***** Given records *****

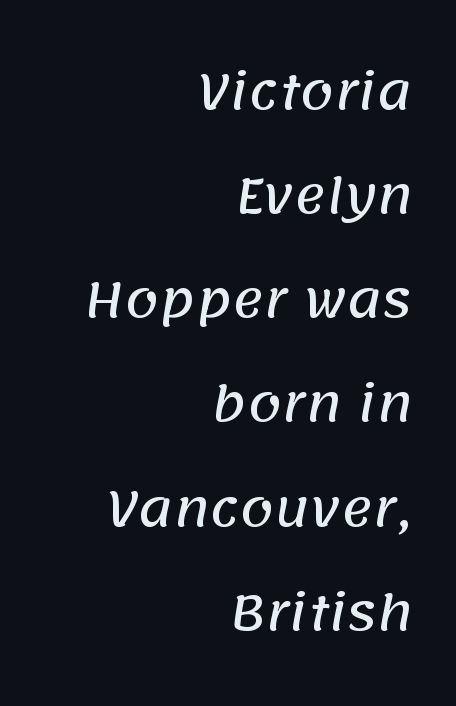
Q: Is the typeface a serif or a sans-serif typeface? A: Sans-serif.
Q: Is the text underlined? A: No.
Q: How is the paragraph aligned? A: Right-aligned.
Q: Is the spacing between letters normal or unusually wide? A: Normal.
Q: Is the spacing between lines tight, normal or loose? A: Loose.
Q: Width (condensed, normal, or wide)? A: Normal.
Q: Stroke contrast? A: Low.
Q: x-height? A: Large.
Q: Monospaced? A: No.
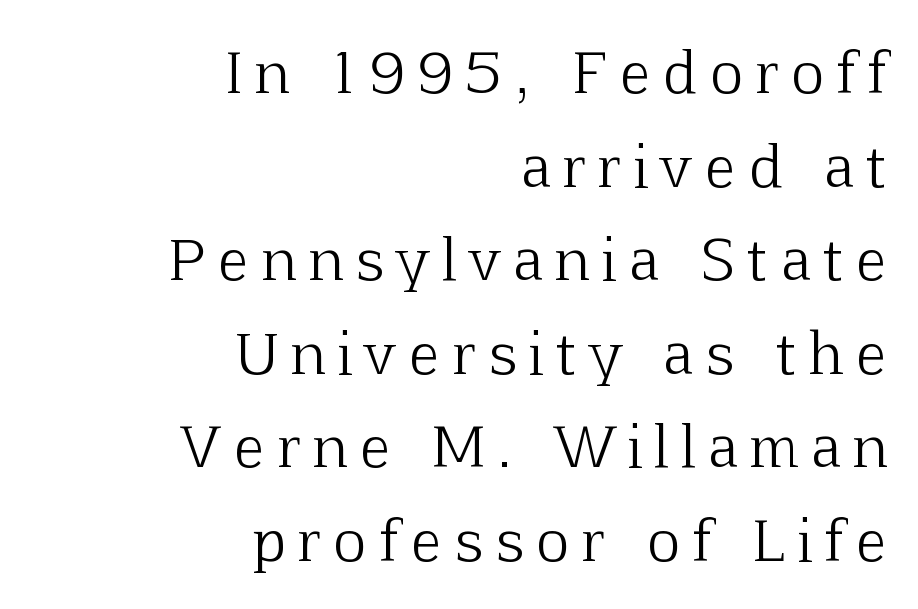
The lettering stays uniformly vertical, giving the passage a roman look. Rows of type keep a routine distance in the vertical direction. Letterform terminals end in serifs throughout the passage. Nobody drew a line under any word here.

*****

Your task is to transcribe, exactly and without additions, every line from the one that contains "Q: Is the text underlined? A: No." to the end of the entries above, both included. Omit all pictures.

Q: Is the text underlined? A: No.
Q: How is the paragraph aligned? A: Right-aligned.
Q: Is the spacing between letters normal or unusually wide? A: Normal.
Q: Is the spacing between lines tight, normal or loose? A: Loose.
Q: Width (condensed, normal, or wide)? A: Normal.
Q: Stroke contrast? A: Low.
Q: x-height? A: Large.
Q: Monospaced? A: No.
The lettering stays uniformly vertical, giving the passage a roman look. Rows of type keep a routine distance in the vertical direction. Letterform terminals end in serifs throughout the passage. Nobody drew a line under any word here.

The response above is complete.